# Project 3: Map displays of customers and population served by target BART lines

University of California, Berkeley

Master of Information and Data Science (MIDS) program

w205 - Fundamentals of Data Engineering

## imports

In [1]:
import math
import numpy as np
import pandas as pd

import psycopg2

import json

import gmaps
import gmaps.geojson_geometries

from geographiclib.geodesic import Geodesic

## my_select_query_pandas() - function to run a select query and return rows in a Pandas dataframe

In [2]:
#
# function to run a select query and return rows in a pandas dataframe
# pandas puts all numeric values from postgres to float
# if it will fit in an integer, change it to integer
#

def my_select_query_pandas(query, rollback_before_flag, rollback_after_flag):
    "function to run a select query and return rows in a pandas dataframe"
    
    if rollback_before_flag:
        connection.rollback()
    
    df = pd.read_sql_query(query, connection)
    
    if rollback_after_flag:
        connection.rollback()
    
    # fix the float columns that really should be integers
    
    for column in df:
    
        if df[column].dtype == "float64":

            fraction_flag = False

            for value in df[column].values:
                
                if not np.isnan(value):
                    if value - math.floor(value) != 0:
                        fraction_flag = True

            if not fraction_flag:
                df[column] = df[column].astype('Int64')
    
    return(df)
    

## Connect to the Postgres database

In [3]:
connection = psycopg2.connect(
    user = "postgres",
    password = "ucb",
    host = "postgres",
    port = "5432",
    database = "postgres"
)

## Create a cursor for the connection

In [4]:
cursor = connection.cursor()

# Project 3: Google Maps of customers and population

## Connect to Google Maps using your api key;  edit the file gmap_api_key.txt and put in your api key

In [5]:
f = open('gmap_api_key.txt', 'r')
my_api_key = f.read()
f.close()

gmaps.configure(api_key=my_api_key)

In [6]:
AGM_berkeley_store = (37.85616355778589, -122.25991778607198)

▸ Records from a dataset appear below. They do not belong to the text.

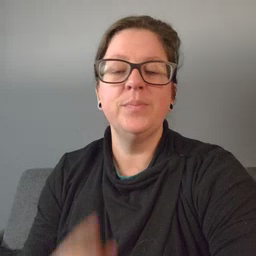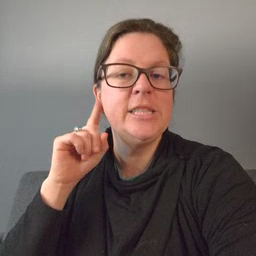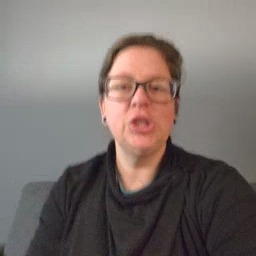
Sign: hear
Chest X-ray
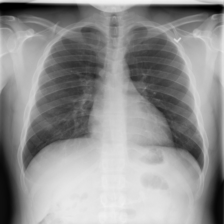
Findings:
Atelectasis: negative
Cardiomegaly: negative
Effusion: negative
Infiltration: negative
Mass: negative
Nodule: negative
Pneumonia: negative
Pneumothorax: negative
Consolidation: negative
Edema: negative
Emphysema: negative
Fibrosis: negative
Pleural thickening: negative
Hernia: negative

gmaps.figure(center = AGM_berkeley_store, zoom_level=9)

Figure(layout=FigureLayout(height='420px'))

In [7]:
lat_lon = {'latitude': [37.85616355778589], 'longitude': [-122.25991778607198]}
df = pd.DataFrame(lat_lon)

# Map with Marker for the Berkeley AGM store

In [8]:
#Map with marker for Store
fig = gmaps.figure(center = AGM_berkeley_store, zoom_level= 10)

df_markers = df[['latitude','longitude']]

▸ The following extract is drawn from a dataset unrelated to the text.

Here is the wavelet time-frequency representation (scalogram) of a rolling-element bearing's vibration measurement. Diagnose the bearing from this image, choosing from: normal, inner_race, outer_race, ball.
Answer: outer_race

marker_layer = gmaps.marker_layer(df_markers)

fig.add_layer(marker_layer)

fig

Figure(layout=FigureLayout(height='420px'))

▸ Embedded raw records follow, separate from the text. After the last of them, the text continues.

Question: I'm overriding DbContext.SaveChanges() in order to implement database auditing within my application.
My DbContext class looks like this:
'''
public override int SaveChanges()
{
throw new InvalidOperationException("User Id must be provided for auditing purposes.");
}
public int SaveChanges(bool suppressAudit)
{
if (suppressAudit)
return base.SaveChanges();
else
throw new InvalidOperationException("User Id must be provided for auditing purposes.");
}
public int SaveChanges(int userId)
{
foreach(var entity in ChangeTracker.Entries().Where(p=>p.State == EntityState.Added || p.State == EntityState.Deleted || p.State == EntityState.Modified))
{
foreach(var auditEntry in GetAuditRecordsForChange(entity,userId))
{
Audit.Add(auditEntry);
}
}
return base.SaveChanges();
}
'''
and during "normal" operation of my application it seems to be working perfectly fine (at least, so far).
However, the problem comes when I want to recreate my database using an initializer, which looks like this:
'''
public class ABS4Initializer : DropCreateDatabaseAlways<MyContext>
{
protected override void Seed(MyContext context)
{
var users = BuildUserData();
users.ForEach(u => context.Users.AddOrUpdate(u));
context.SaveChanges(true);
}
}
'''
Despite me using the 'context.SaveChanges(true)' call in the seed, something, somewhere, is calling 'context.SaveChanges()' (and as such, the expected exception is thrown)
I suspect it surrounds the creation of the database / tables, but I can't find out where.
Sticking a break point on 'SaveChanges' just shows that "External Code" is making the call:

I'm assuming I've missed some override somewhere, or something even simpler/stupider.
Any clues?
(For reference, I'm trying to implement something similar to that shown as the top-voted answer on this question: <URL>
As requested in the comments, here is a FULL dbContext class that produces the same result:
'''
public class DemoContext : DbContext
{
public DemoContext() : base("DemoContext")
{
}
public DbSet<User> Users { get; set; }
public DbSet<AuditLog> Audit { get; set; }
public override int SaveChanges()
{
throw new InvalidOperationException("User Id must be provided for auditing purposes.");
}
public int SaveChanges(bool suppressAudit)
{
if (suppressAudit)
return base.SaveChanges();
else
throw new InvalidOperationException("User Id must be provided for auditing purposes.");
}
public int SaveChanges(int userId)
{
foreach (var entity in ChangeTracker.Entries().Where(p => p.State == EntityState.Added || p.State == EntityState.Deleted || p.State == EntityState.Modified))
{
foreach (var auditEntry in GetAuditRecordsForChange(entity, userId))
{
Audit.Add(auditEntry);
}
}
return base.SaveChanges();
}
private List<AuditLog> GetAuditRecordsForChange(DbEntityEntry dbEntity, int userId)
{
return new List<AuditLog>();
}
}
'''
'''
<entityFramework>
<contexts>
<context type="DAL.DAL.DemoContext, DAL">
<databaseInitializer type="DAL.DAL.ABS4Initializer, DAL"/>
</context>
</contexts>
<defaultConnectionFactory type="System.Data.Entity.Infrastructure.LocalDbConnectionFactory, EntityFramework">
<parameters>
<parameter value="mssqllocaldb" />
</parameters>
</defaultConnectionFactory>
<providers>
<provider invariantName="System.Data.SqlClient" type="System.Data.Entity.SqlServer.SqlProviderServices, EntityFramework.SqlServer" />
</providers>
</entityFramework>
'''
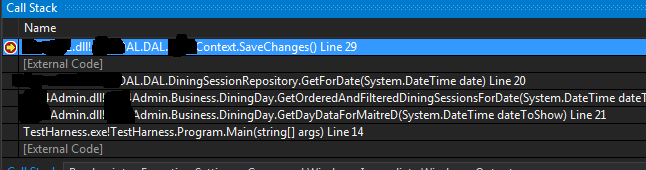
Answer: The DropCreateDatabaseAlways() class in Entity Framework has the following virtual method <URL>, if you download the EF source code you will find the implementation is something like this:
'''
public virtual void InitializeDatabase(TContext context)
{
Check.NotNull(context, "context");
context.Database.Delete();
context.Database.Create(DatabaseExistenceState.DoesNotExist);
Seed(context);
context.SaveChanges();
}
'''
You'll need to override with something like this:
'''
public override void InitializeDatabase(ABSContext context)
{
if (context != null)
{
if (context.Database.Exists())
{
context.Database.Delete();
}
context.Database.Create();
Seed(context);
context.SaveChanges(true);
}
else
throw new ArgumentNullException();
}
'''

# Map centered at AGM store with closest BART station

In [9]:
# Map with Marker for closest BART station
lat_lon = {'latitude': [37.85616355778589, 37.85297402163031], 'longitude': [-122.25991778607198, -122.27012579956241]}

df = pd.DataFrame(lat_lon)

fig = gmaps.figure(center = AGM_berkeley_store, zoom_level= 12)

df_markers = df[['latitude','longitude']]

marker_layer = gmaps.marker_layer(df_markers)

#Add transit layer: 
fig.add_layer(gmaps.transit_layer())

fig.add_layer(marker_layer)

fig

Figure(layout=FigureLayout(height='420px'))

# Heatmap of AGM Customers relative to BART lines

In [10]:
#Heat Map using Customer data for AGM store
rollback_before_flag = True
rollback_after_flag = True

query = """

select z.latitude, z.longitude
from customers as cu
     join zip_codes as z
         on cu.zip = z.zip
where cu.closest_store_id = 1
order by 1,2

"""

#Create customer data frame with lat & longitude
df_customer = my_select_query_pandas(query, rollback_before_flag, rollback_after_flag)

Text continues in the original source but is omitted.